The appraisal form is changing. All legacy UAD forms, including the 1004, are retired on November 2, 2026, replaced by a single redesigned URAR. The new form turns more free-form commentary into discrete, standardized data fields.

That shift rewards clean, structured data inputs. Pulling comp characteristics through an API, rather than retyping them, fits the direction the form is moving. The API gives you the raw fields in a structured format from the start.

How do I get started?

Go to zillapi.com and sign up. You get 100 free credits with no credit card required.

Start with the comp grid. Enter a subject address and a bounding box around its neighborhood. Run the script and see the adjusted value range against the Zestimate. That single grid shows what the API does for your research stage.

For comparable sales detail, see the comps guide. For the full Python setup, see the Python tutorial. For property field documentation, see the property data guide. For lender-side valuation, see the lenders guide.

Frequently asked questions

Can appraisers use the Zillow API?

Yes. Appraisers use third-party REST APIs like Zillapi for comp research, not to produce the final appraisal. Each API call returns recent sales, square footage, beds, baths, year built, lot size, and the Zestimate for any U.S. property. This speeds up the data-gathering stage. The appraiser still applies professional judgment and USPAP standards. One call costs 1 credit ($0.005), and the free tier gives 100 credits at signup.

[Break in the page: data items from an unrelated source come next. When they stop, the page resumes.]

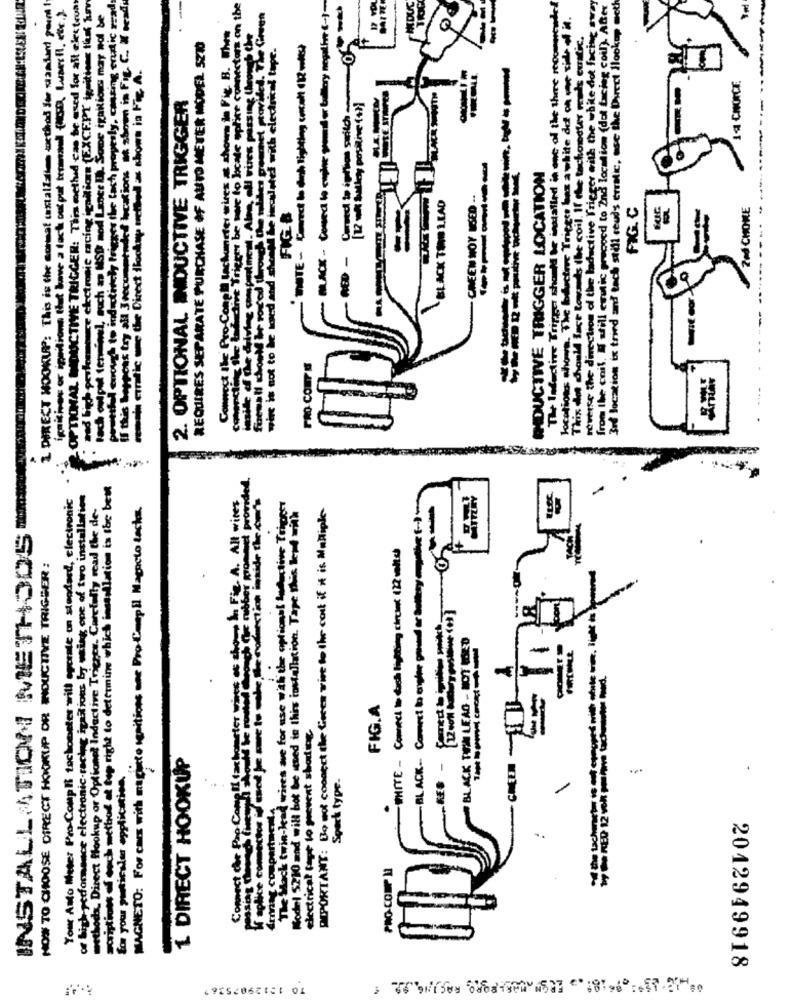
I DIRECT HOOKUP: This is the cormat castaliaim method Se dasland point
inicioos or ingitions that have a lock out put terminal (ish, Larsit, etc.).
DUCTIVE TRIGGER: This mcthuid can be used for all electruas
and high performance electronic racingigallion (EXC.F.PT tositions that luv
enough to inductively trigger the tach properly, causing endic read
locations # show in Fig. C. X med
nectors on the
BLACK - Coded to copher ground or bullery negativt (-)-
The Inductive Trigger should be installed in one of the there recommended
reverse the direction of the laductive Trigger with the white dot facing sway
from the coil. I still emulic precocd to 2nd location (dot facing coil). After
3rd location is tried and tach still ceuds erratic, use the Direct lookup woth
& output terminal, such as MSD mod Lance EN. Some ignitionns may not be
locations whowe. The bluctive Trigger has a white de on me side of it.
This that should face comments the coil. If the tachometer mais cantic.
som in Fig. B. When
oul vires passing through the
REQUIRES SEPARATE PURCHASE OF AUTO METER MODEL SZT
NOTE- Corect is dick lighting macht (12-les)
---- ---------------
h erratic une the Direct ilookup netted as shown in Fig. A.
14 CHOICE.
locate ephite con
2. OPTIONAL INDUCTIVE TRIGGER
CHIDUCTIVE TRIGGER LOCATION
BLACK THE LEAD
FIG.B
CHEEN NOY 16ED
FIG. C
2ed CHOME
Connect ike Pro-Congli Back
is bephons try all 3recomm
RED
-- ---.
wir is not to be used
PRO CONT &
et provided.
scriptions of euch method at top right to determine which installation is the best
Your Anto Meter Pro- Compl tachometer will operate on standard, electronic
of high-performance electronic-racing igaRions by using one of two installaties
Fe. A. All wines
methods. Direct Hlookup or Optionet Indective Trieres. Carefully read the de-
MAGNETO: For cars with magisto sesitions one Pro-Compil Magacto taches.
The stack twin-lead wines are for use with the optional inductive Trigger
Model $210 and will bot be used to this installation. Tape this lead with
DIPORTANT: Bo got connect the Geces wiet to the cost if it is Multiple-
INSTALLATION METHODS
-MITTE - Connect to dich hitting chrank 12 volts
HOW TO CHOOSE DIRECT HOOKUP OR INDUCTIVE TRIGGER :
BLACK TIM LEAD - MOT ARD
FIG.A
electrical tape to prevent shading.
1. DIRECT HOOKUP
for your puuticale application.
Connect che Pap Come Il
Spork type.
Armring compa
W splice com
PRO COM 1
2012949918

How do I pull comparable sales with the Zillow API?

Use the search endpoint with a RECENTLY_SOLD filter and a bounding box around the subject property. The API returns sold listings with price, square footage, beds, baths, and sale details. Filter the results by similarity to the subject (living area within 20 percent, same bedroom count, similar age) to build a shortlist of comps. Each search call costs 1 credit.

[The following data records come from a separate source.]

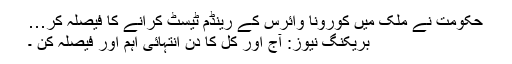
حکومت نے ملک میں کورونا وائرس کے رینڈم ٹیسٹ کرانے کا فیصلہ کر…
بریکنگ نیوز: آج اور کل کا دن انتہائی اہم اور فیصلہ کن ۔
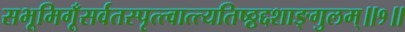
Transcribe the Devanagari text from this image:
सभूमिगूँसर्वतस्पृत्त्वात्त्यतिष्ठ्ठद्दशाङ्गुलम्॥१॥
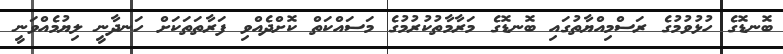
ބޮނޑޮގެ ހުޅުވުމުގެ ރަސްމިއްޔާތުގައި ބޮނޑޮގެ މަރާމާތުކުރުމުގެ މަސައްކަތް ކޮށްދެއްވި ފަރާތަތަކަށް ހަނދާނީ ލިޔުމެއްވަނީ
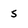
Character: 5

How do I calculate appraisal adjustments from API data?

Pull the square footage and features for the subject and each comp. Multiply your adjustment factor by the quantity difference. For example, a $60 per square foot living-area factor times a 200 square foot difference equals a $12,000 adjustment. Add or subtract the adjustment from the comp sale price. The API supplies the property characteristics; you supply the market-derived adjustment factors.

Does the Zillow API replace appraisal software?

No. The API supplies property data for comp research. It does not render a URAR, store workfiles, or enforce USPAP compliance. Appraisers still use form software like a la mode or ACI to produce the report. The API feeds the data-gathering and analysis stage that happens before the form is filled, and it costs a fraction of enterprise comp tools.

How much does comp data cost for appraisers?

Enterprise appraisal analytics tools like Redstone and HouseCanary cost hundreds to thousands per year. Zillapi costs $5 per month for 1,000 property lookups or $54 per year for 12,000. An appraiser completing 40 reports per month, pulling a search plus six comps each, uses about 280 credits. That is under $1.50 per month. The free tier gives 100 credits at signup.

What property fields matter for a comp grid?

The core comp grid fields are sale price, gross living area, bedrooms, bathrooms, year built, lot size, and sale date. The API returns all of these in one call. You compare each comp to the subject across these fields, apply adjustment factors to the differences, and arrive at an adjusted sale price for each comp. Price per square foot is a useful cross-check.